◆ Goal of the exercise: Quote, word for word, the line containing "month: October" and all lines that follow it to the end of the records, with no pictures.

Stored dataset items
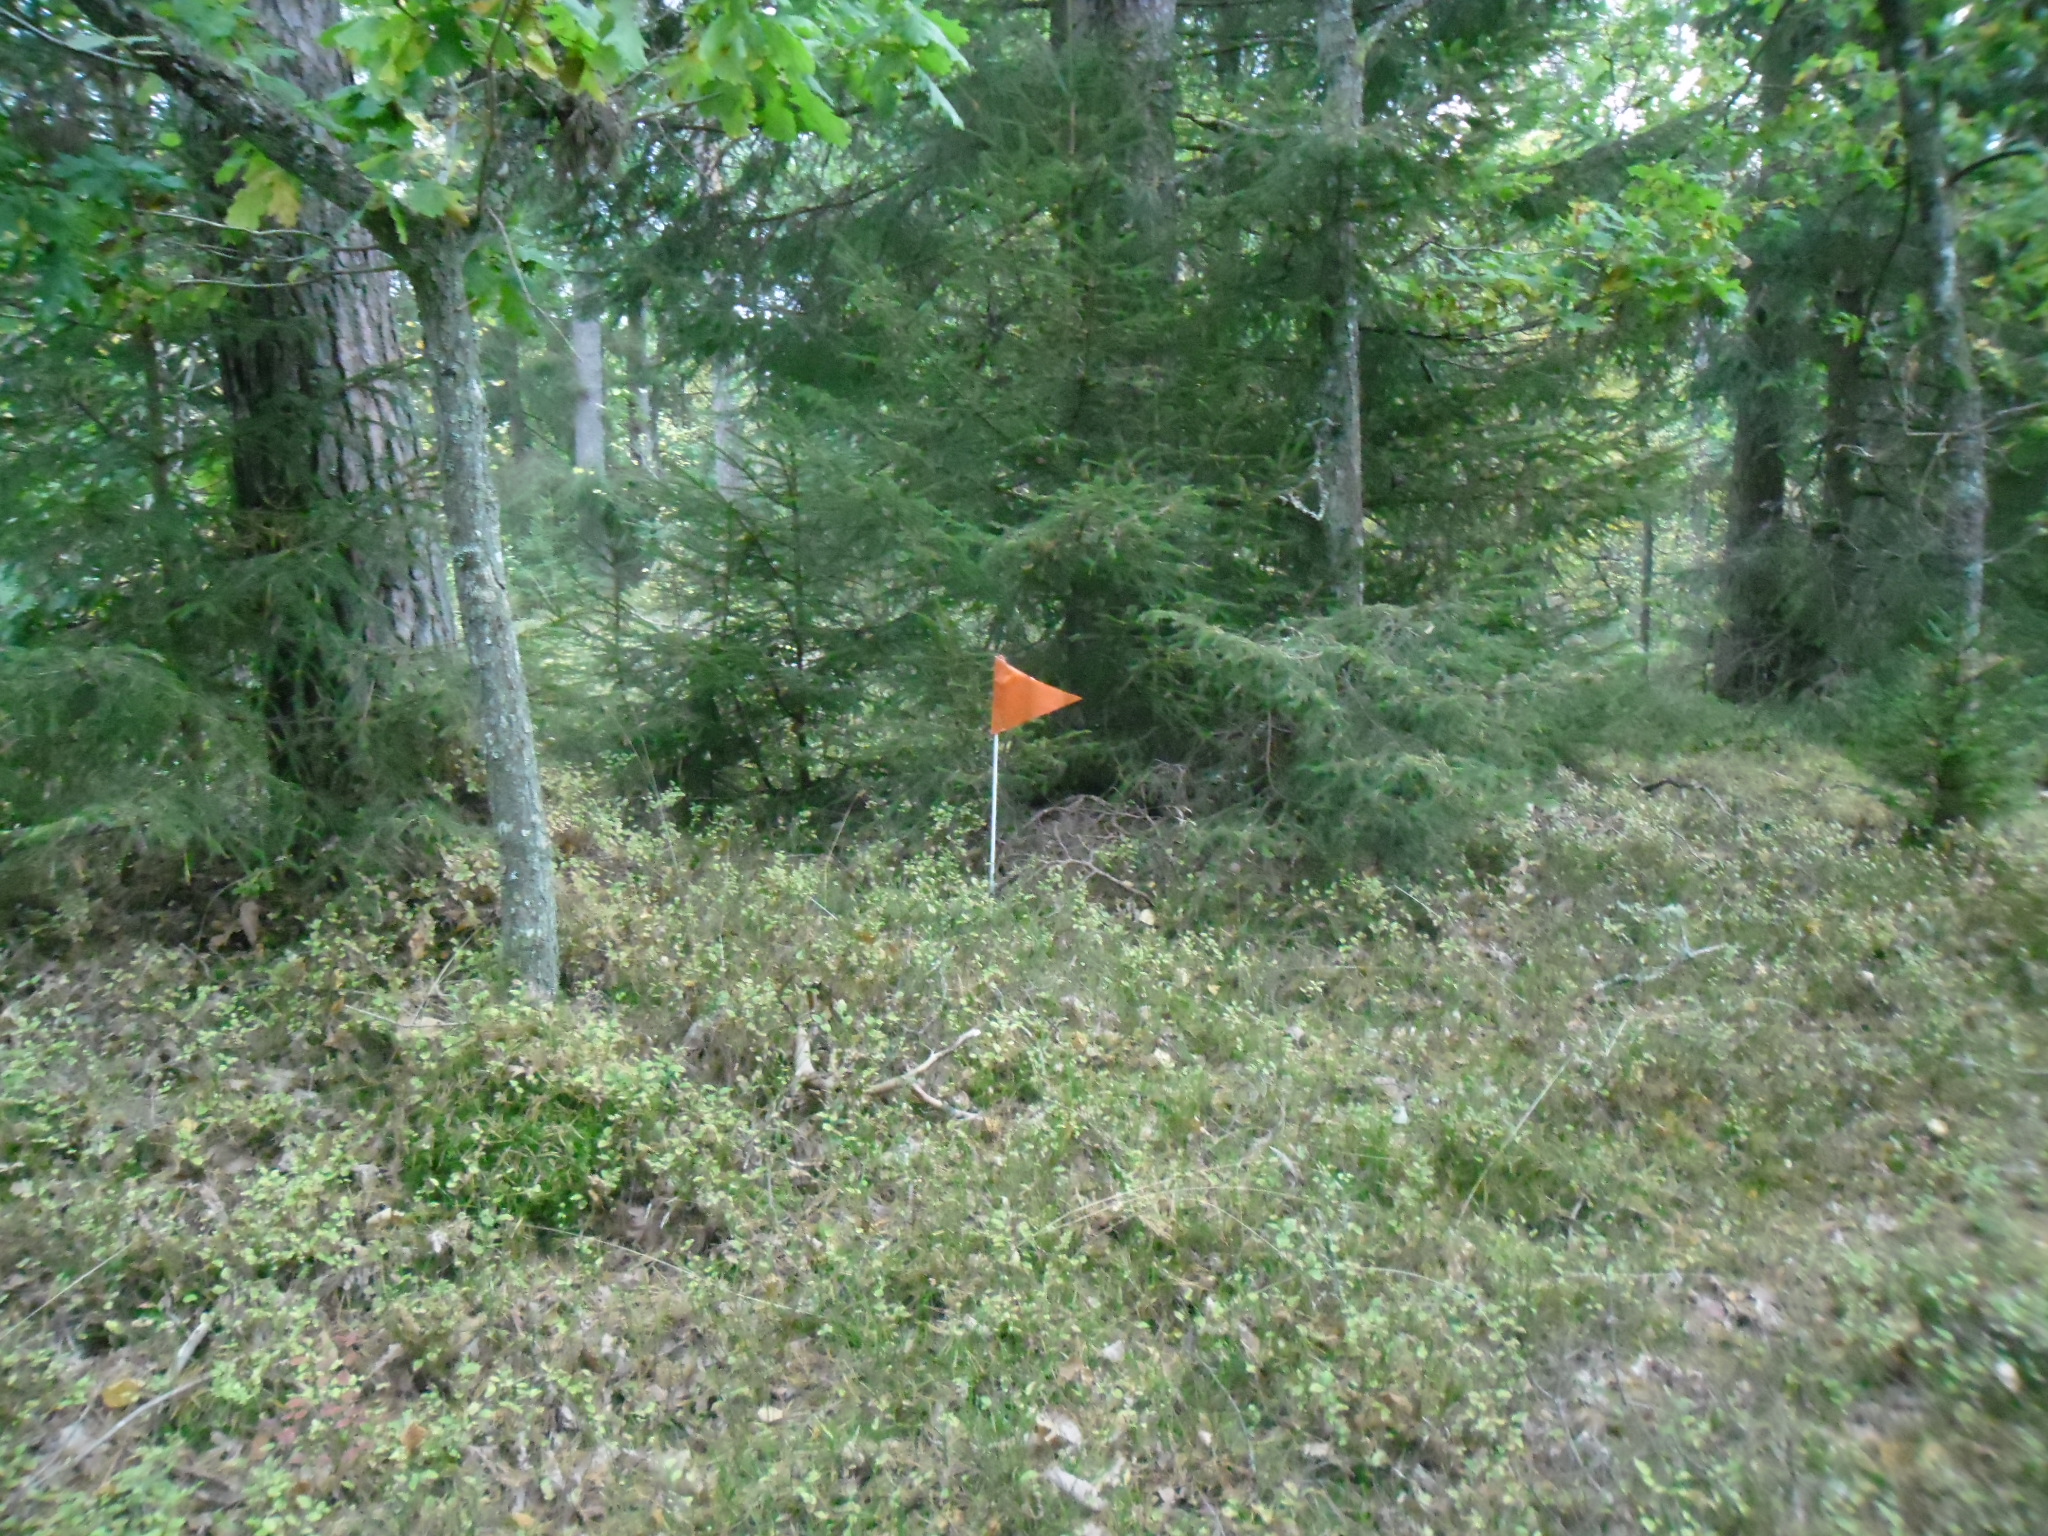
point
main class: Woodland
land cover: Spruce dominated mixed woodland
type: hemiboreal forest and nemoral coniferous forest and mixed broadleaved-coniferous forest
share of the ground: 50 - 75 %
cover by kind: coniferous forest trees 45 %, shrubs 30 %, broadleaved forest trees 15 %, herbaceous plants 10 %
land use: Forestry
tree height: > 5 m
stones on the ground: 25 - 50 %
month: October
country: SE
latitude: 56.3655
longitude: 13.8014
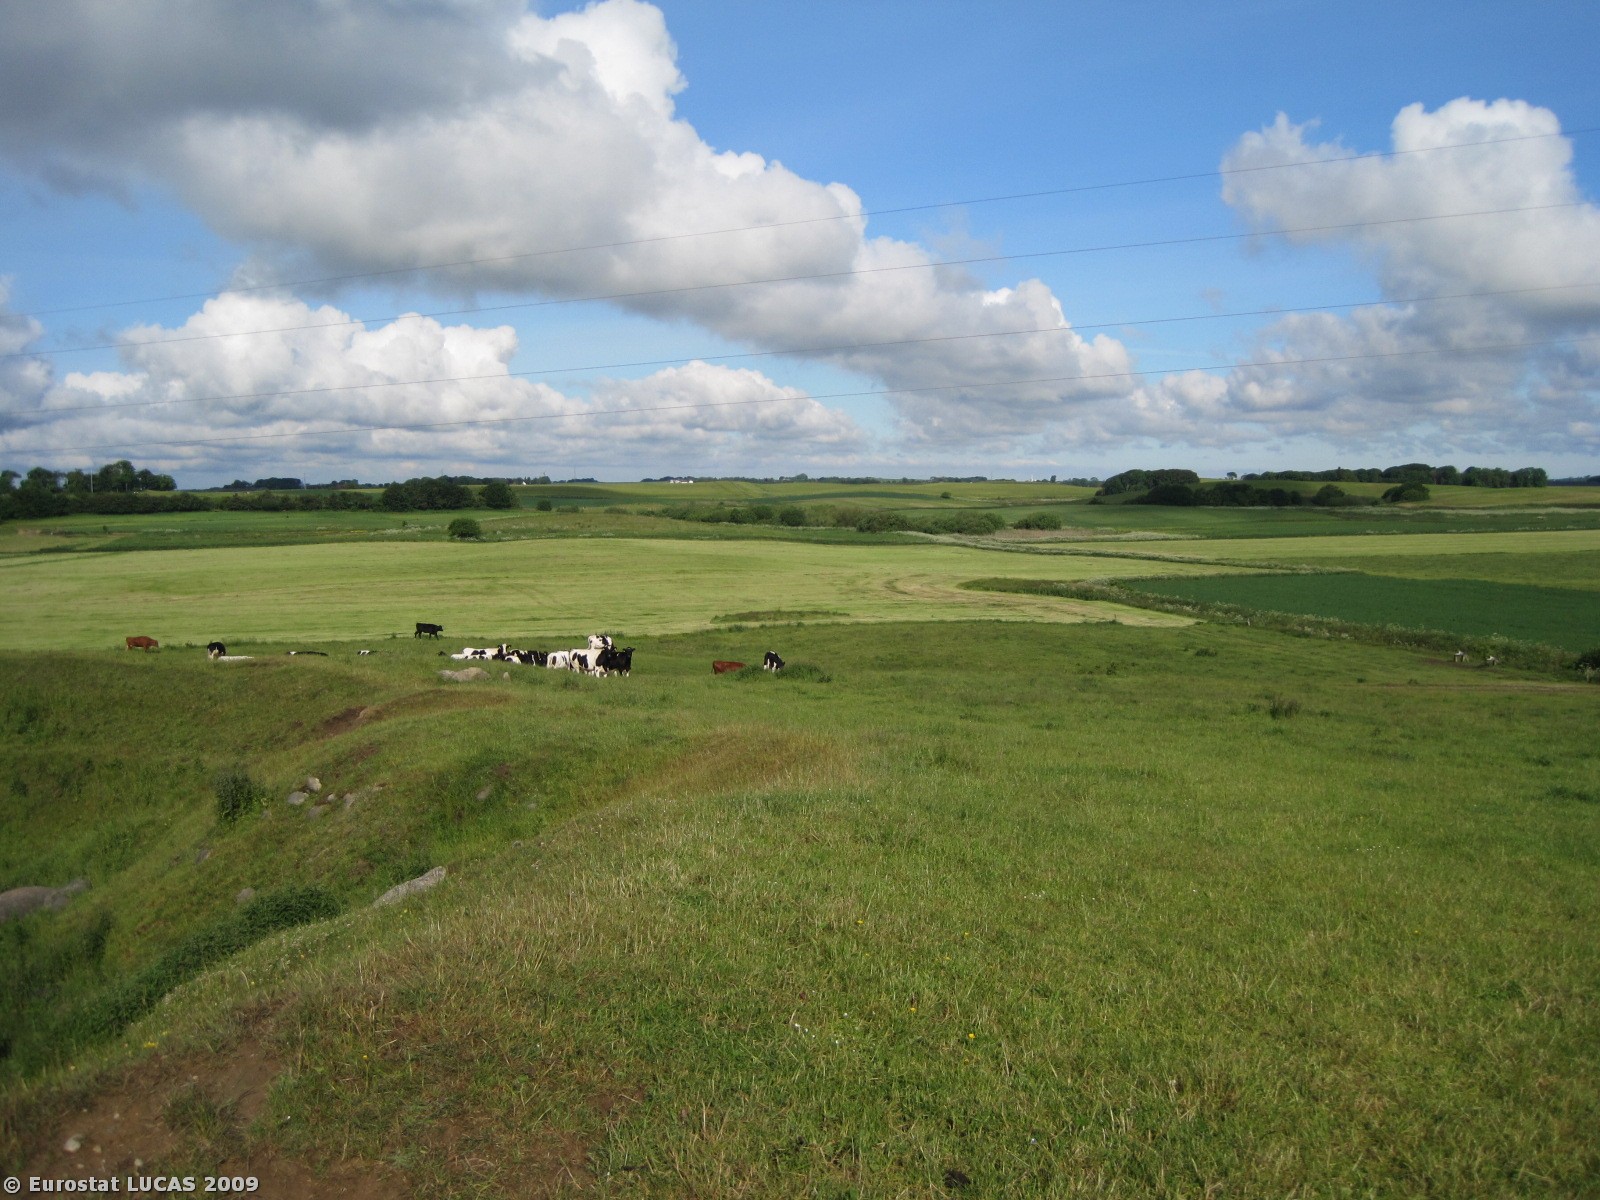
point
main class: Grassland
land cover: Grassland without tree/shrub cover
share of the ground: > 75 %
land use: Agriculture (excluding fallow land and kitchen gardens)
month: June
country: DK
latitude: 57.3023
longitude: 10.1491
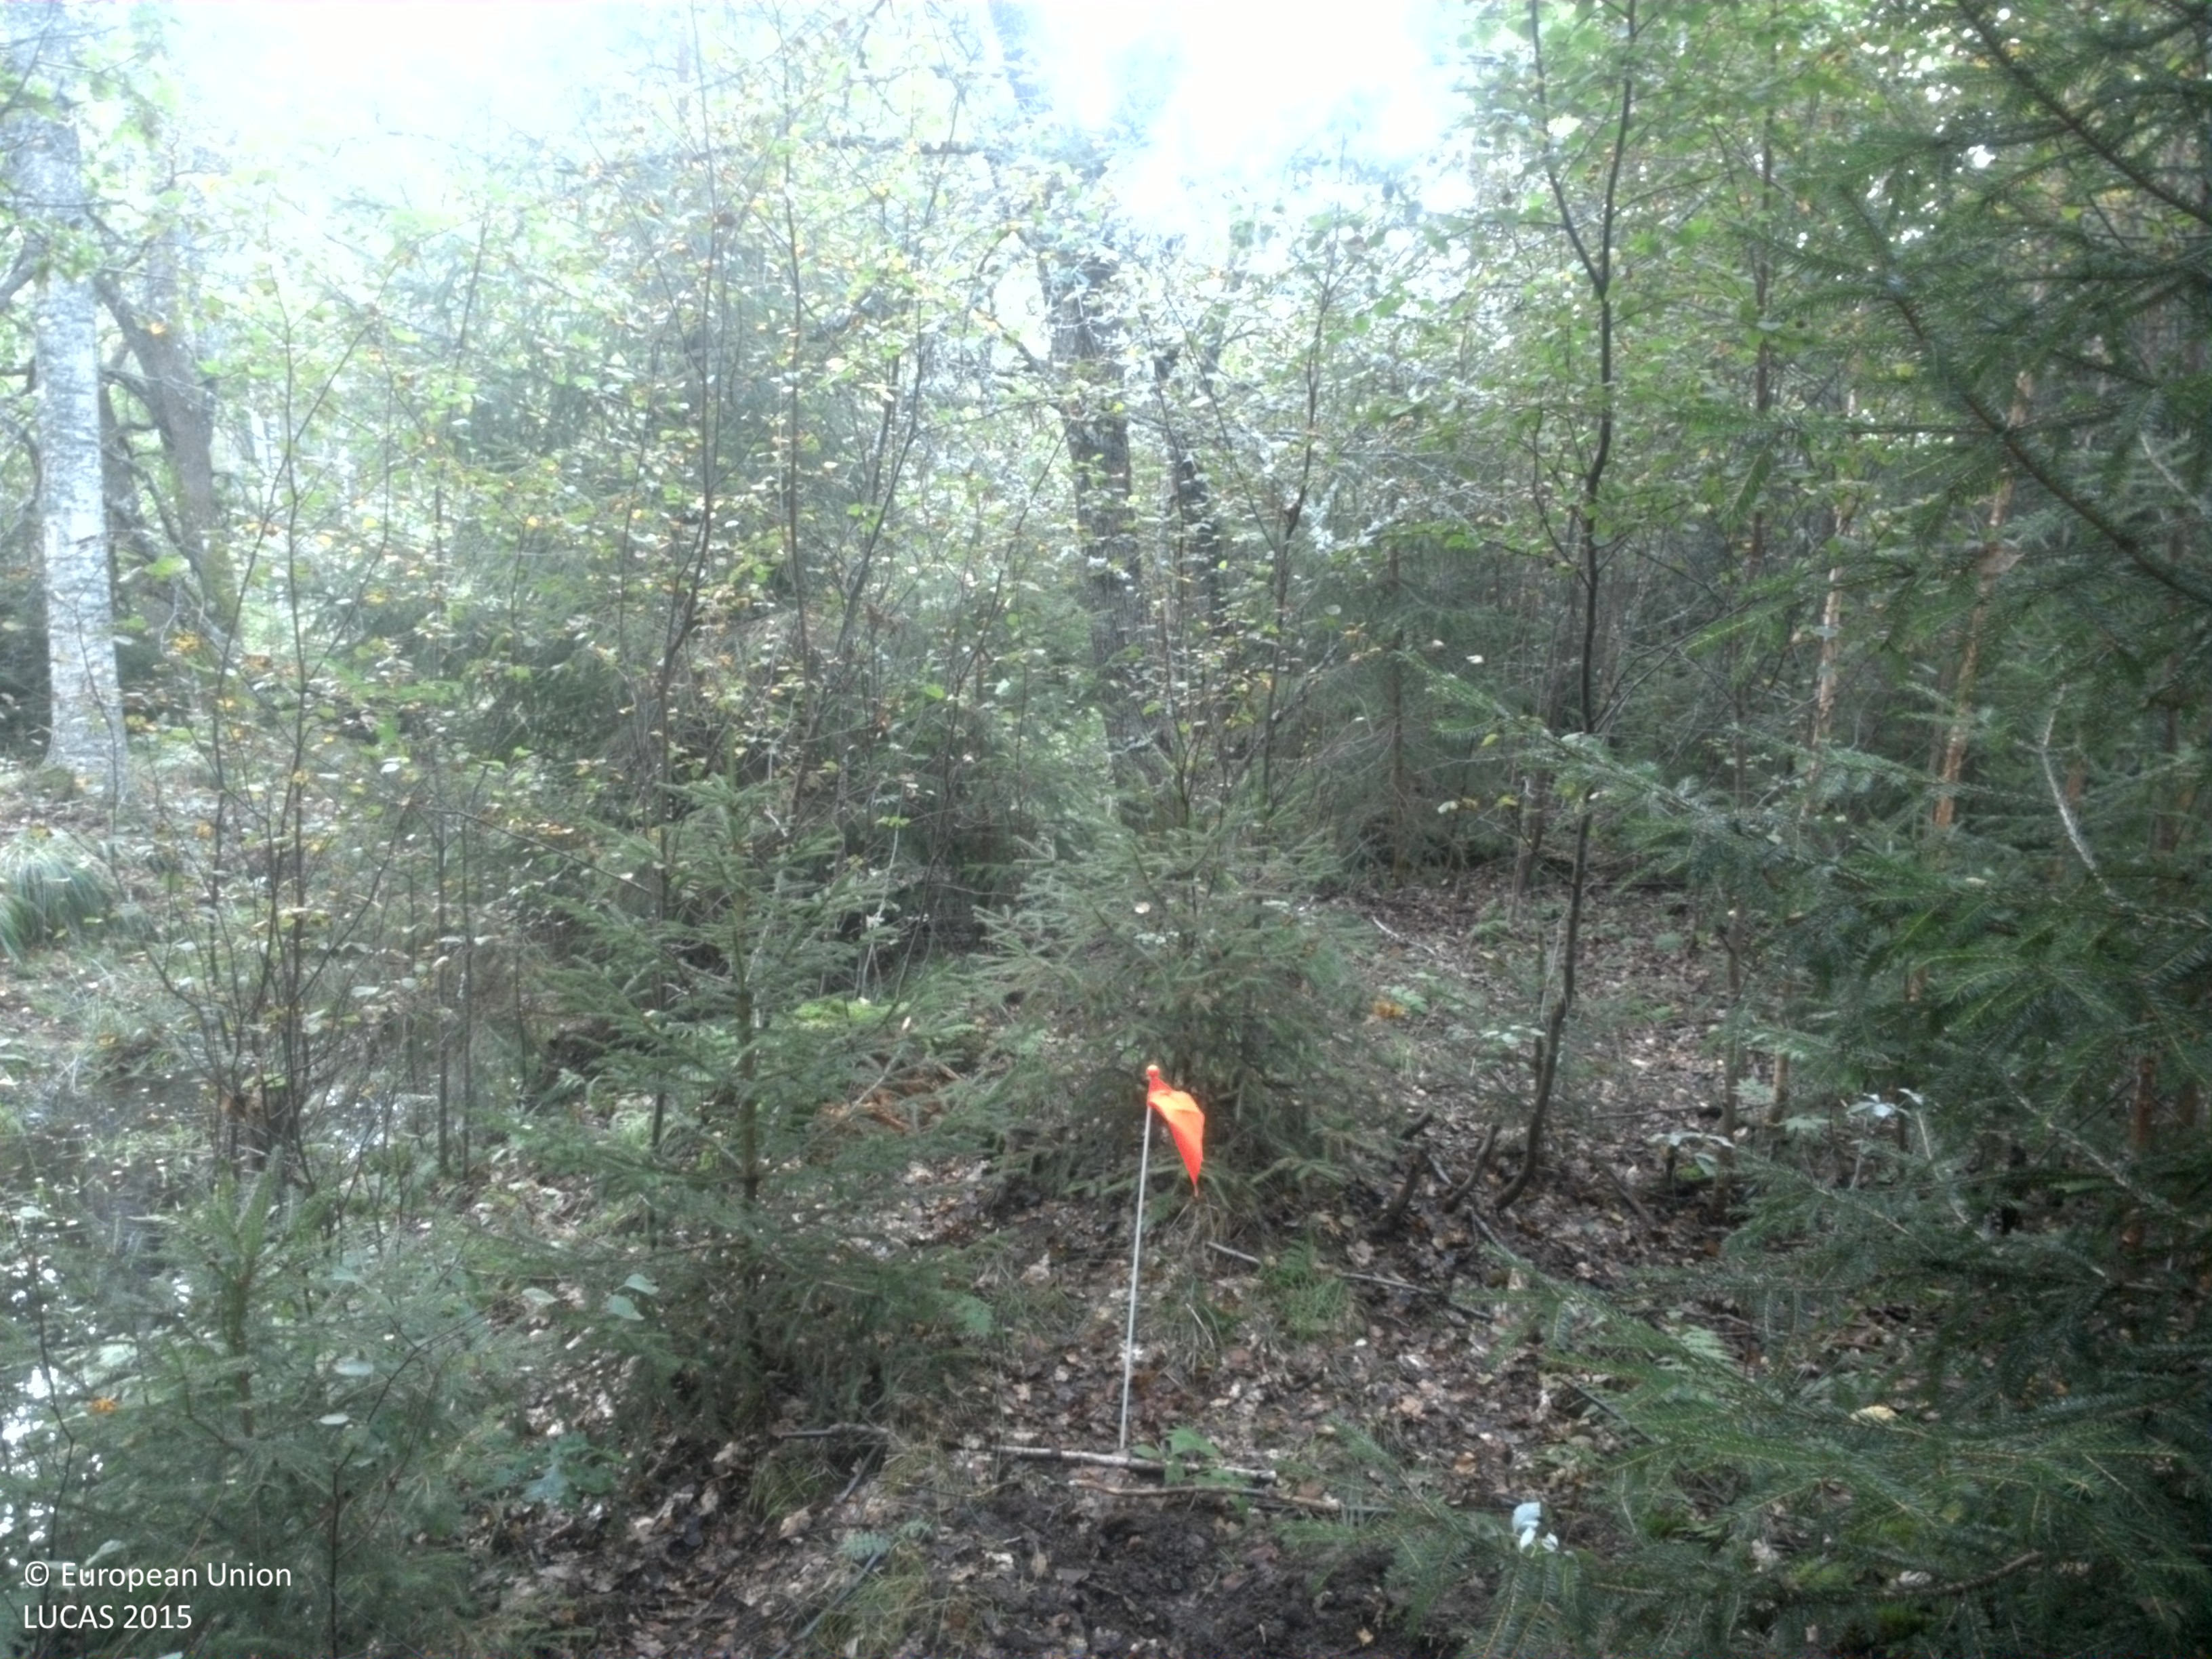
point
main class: Woodland
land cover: Spruce dominated mixed woodland
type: boreal forest
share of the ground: > 75 %
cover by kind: broadleaved forest trees 50 %, coniferous forest trees 25 %, unconsolidated bare surface 10 %, shrubs 5 %, herbaceous plants 5 %
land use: Forestry
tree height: > 5 m
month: September
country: SE
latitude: 59.5569
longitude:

◆ Answer section:
month: October
country: SE
latitude: 56.3655
longitude: 13.8014
point
main class: Grassland
land cover: Grassland without tree/shrub cover
share of the ground: > 75 %
land use: Agriculture (excluding fallow land and kitchen gardens)
month: June
country: DK
latitude: 57.3023
longitude: 10.1491
point
main class: Woodland
land cover: Spruce dominated mixed woodland
type: boreal forest
share of the ground: > 75 %
cover by kind: broadleaved forest trees 50 %, coniferous forest trees 25 %, unconsolidated bare surface 10 %, shrubs 5 %, herbaceous plants 5 %
land use: Forestry
tree height: > 5 m
month: September
country: SE
latitude: 59.5569
longitude:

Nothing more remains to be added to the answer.